La femme et le balai : un conte sans moral

Peut-on s’appuyer sur les contes pour rêver debout ? Un conte, qui me revient sans cesse, alors que je malmène mon balai au quatre coins sombres de la cuisine, est celui que j’ai lu, je ne sais où, écrit par je ne sais qui, narrant l’histoire d’un Prince demandant aux femmes d’un village de lui rapporter toute la poussière encombrant leurs chaumières. Et toutes de s’activer, et toutes de lui en amener cérémonieusement des seaux entiers, de se jauger et de se battre afin d’être celle qui parviendra à se distinguer par sa prodigalité moutonnière.
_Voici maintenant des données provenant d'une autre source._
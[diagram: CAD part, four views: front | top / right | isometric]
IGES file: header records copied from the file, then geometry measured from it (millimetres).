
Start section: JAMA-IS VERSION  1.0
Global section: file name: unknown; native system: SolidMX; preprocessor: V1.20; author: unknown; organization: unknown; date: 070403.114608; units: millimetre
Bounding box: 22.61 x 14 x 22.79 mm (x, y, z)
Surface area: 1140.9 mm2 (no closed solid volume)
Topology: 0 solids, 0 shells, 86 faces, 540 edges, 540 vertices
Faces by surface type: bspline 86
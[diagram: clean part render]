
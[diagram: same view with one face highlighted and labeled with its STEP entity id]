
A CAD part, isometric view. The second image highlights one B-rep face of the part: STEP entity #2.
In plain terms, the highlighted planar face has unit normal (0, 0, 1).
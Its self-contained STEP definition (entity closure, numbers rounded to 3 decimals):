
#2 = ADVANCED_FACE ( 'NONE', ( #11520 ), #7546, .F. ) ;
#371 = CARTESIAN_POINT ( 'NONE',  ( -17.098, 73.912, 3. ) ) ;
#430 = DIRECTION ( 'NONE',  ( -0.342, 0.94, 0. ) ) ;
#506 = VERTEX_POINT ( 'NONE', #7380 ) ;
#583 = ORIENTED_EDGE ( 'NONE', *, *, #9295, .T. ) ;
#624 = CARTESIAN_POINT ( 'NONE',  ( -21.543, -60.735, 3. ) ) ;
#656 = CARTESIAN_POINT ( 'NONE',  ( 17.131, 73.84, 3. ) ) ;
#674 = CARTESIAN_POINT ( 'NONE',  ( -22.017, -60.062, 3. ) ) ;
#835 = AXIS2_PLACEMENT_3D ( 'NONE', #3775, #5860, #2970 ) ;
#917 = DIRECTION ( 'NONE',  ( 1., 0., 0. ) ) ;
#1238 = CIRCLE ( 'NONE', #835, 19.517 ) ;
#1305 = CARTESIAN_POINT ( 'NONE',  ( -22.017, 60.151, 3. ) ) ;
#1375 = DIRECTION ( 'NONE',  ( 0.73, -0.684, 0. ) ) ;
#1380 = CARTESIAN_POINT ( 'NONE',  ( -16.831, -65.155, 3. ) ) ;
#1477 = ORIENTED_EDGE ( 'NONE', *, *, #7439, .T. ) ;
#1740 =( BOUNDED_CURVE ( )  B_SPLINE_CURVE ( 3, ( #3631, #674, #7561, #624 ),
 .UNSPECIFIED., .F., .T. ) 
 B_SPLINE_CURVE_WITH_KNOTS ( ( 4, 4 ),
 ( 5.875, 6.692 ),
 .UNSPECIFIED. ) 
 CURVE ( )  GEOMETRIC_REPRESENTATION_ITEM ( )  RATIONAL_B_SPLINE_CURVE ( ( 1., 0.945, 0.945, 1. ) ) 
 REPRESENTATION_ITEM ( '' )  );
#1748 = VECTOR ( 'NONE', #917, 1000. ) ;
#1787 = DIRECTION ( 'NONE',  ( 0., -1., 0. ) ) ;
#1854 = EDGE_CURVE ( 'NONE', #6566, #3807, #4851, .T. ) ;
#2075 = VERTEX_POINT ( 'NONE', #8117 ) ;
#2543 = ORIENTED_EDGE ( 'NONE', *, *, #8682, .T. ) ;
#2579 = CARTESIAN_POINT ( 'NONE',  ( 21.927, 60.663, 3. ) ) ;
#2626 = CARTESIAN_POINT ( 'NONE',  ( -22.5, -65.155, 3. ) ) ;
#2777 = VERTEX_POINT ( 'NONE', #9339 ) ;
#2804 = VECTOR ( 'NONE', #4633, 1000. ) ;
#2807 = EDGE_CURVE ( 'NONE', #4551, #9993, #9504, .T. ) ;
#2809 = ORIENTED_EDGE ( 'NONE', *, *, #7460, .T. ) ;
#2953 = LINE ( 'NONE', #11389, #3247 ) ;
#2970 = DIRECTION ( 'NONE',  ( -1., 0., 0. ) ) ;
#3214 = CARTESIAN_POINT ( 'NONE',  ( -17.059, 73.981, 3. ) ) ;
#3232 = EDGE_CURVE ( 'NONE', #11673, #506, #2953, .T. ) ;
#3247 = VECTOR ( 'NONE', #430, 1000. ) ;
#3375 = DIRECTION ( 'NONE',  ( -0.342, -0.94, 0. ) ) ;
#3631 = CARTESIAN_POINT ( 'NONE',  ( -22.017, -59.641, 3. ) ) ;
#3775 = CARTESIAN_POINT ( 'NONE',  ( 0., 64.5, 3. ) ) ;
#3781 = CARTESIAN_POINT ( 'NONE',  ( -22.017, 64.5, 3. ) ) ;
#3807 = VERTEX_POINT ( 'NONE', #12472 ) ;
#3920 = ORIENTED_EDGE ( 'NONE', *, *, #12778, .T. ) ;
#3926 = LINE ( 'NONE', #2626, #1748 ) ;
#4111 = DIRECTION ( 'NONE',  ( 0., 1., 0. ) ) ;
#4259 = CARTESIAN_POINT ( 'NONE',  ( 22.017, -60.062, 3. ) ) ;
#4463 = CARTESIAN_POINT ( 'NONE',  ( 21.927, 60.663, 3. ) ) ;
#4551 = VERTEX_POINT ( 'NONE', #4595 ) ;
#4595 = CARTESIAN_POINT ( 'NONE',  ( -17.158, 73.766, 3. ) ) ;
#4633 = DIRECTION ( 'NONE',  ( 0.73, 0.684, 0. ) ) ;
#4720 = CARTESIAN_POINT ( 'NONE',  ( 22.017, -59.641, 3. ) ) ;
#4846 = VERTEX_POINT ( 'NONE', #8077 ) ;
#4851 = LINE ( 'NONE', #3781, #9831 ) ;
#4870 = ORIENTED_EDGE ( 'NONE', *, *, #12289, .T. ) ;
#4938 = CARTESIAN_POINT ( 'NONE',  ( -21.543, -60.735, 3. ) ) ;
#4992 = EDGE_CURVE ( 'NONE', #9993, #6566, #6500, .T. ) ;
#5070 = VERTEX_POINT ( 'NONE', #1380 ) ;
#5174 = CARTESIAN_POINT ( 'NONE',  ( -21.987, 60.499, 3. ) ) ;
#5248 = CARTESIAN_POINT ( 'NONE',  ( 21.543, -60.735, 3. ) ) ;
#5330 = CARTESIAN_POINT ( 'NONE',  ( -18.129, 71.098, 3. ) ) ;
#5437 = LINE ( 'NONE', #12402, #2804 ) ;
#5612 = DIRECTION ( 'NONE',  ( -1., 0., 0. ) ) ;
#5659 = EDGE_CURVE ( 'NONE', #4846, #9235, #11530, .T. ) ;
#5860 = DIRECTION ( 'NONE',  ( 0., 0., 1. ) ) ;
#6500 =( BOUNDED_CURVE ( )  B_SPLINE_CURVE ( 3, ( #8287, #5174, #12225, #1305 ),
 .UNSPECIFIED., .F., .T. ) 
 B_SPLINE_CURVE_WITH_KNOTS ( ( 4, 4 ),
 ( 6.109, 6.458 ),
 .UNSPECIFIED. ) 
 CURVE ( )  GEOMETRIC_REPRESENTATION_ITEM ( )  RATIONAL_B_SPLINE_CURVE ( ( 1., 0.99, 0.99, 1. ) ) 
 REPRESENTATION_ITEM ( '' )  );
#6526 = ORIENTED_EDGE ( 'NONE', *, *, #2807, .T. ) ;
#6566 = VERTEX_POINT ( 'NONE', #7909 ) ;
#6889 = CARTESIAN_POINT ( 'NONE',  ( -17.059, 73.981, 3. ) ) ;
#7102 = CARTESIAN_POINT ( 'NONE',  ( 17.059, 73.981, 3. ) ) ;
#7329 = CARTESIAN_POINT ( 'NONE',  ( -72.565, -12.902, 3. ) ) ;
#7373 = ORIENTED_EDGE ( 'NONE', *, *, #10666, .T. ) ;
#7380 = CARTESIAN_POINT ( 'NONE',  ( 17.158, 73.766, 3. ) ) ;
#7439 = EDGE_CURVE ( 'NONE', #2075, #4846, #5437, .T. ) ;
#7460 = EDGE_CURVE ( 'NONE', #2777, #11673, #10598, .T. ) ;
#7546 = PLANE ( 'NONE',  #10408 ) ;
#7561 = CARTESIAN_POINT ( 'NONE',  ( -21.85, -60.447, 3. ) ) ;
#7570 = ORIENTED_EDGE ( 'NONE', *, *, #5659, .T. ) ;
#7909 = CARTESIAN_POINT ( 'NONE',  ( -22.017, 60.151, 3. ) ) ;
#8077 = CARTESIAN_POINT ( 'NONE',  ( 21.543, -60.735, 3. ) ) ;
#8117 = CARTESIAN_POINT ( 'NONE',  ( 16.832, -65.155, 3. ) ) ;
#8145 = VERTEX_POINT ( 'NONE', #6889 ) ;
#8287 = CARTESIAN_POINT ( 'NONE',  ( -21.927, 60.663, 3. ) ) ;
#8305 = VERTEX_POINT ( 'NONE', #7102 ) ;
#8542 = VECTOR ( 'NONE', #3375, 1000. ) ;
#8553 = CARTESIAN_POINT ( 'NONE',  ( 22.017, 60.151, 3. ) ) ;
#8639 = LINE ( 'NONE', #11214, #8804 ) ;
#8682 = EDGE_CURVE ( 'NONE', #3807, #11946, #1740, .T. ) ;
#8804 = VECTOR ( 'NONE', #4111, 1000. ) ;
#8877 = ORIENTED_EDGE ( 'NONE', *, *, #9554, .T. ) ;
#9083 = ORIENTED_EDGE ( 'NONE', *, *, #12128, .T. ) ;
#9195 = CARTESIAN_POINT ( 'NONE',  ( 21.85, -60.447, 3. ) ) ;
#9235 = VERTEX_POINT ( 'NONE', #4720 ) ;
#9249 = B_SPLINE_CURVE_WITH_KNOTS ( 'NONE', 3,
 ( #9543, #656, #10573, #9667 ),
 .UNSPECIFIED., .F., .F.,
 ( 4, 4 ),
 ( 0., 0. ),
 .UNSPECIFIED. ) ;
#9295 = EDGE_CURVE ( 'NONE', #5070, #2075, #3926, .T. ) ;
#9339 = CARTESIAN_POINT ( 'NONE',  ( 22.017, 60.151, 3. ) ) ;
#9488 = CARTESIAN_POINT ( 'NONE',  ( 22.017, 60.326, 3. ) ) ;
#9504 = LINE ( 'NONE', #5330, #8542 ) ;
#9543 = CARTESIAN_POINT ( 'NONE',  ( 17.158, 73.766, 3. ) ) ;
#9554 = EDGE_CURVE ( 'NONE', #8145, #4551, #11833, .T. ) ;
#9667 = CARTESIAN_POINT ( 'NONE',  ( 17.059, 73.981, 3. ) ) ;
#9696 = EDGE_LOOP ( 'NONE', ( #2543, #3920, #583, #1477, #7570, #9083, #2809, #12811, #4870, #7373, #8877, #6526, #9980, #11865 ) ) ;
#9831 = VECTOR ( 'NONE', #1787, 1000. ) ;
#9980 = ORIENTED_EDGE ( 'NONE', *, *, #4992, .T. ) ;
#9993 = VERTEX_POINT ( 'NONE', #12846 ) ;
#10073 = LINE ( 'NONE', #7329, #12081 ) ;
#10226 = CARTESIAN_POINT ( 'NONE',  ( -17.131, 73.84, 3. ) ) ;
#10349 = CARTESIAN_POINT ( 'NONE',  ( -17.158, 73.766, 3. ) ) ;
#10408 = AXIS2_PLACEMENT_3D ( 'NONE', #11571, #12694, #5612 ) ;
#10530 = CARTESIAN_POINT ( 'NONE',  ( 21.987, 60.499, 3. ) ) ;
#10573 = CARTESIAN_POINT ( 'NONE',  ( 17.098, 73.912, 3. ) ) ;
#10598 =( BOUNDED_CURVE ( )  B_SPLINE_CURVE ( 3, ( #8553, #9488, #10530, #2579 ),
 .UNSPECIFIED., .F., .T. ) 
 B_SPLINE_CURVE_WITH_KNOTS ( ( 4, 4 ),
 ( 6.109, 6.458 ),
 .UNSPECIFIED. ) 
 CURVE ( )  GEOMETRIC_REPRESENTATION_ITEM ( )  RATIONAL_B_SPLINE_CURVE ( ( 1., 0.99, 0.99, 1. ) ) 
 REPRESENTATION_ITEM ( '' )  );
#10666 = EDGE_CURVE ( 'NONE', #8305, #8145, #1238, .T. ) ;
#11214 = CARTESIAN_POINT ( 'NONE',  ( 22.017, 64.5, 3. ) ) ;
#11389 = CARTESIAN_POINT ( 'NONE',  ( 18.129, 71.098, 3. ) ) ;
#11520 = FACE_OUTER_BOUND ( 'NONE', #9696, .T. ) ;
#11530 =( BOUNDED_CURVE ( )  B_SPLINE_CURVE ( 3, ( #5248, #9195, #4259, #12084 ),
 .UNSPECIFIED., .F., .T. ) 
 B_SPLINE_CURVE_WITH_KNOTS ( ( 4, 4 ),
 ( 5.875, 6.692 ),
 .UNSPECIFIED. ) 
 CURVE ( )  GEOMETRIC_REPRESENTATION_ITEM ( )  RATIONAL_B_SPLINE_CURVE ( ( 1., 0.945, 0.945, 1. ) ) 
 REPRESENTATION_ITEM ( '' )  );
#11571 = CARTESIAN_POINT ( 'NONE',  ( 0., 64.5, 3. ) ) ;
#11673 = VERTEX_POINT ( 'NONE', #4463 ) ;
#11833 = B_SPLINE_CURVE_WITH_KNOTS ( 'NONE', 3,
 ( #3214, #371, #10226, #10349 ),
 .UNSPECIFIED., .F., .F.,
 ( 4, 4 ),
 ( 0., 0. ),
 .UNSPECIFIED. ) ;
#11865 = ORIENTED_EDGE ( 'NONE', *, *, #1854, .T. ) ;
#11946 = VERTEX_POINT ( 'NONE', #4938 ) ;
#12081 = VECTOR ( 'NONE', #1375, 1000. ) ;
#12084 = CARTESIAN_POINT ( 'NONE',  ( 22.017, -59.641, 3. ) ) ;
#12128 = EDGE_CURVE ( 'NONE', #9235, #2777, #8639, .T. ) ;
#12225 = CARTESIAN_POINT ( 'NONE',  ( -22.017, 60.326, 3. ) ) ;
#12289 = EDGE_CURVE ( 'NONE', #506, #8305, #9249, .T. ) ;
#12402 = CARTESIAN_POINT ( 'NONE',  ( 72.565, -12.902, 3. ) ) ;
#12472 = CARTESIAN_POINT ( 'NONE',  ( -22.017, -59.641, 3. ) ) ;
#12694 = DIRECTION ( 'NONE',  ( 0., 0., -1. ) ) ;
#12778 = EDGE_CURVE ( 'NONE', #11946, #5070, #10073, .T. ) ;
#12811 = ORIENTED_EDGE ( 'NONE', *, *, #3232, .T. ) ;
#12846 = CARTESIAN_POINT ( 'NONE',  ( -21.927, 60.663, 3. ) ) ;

Une seule arrive, penaude, vers le Prince et s’excuse mais, malgré son souci de lui complaire, elle ne peut lui déposer qu’une mince offrande : quelques grains échappés à sa dextérité ménagère. Il la remercie et s'exclame qu'il vient de trouver celle qui deviendra son épouse, car elle a su démontrer ainsi ses qualités humaines, digne d’une Madame Propre où le Prince peut se miroiter en saine confiance. Et je me félicite toujours de ne ramasser qu’un petit tas de poussière, ne sachant cependant si cette modestie résulte de ma méticulosité à contourner les obstacles ou d’une propension des saletés à esquiver ma balayette, tel un taureau désireux de se faire admirer par les éventuels visiteurs, ou de l’espoir qu’un jour mon Prince viendra.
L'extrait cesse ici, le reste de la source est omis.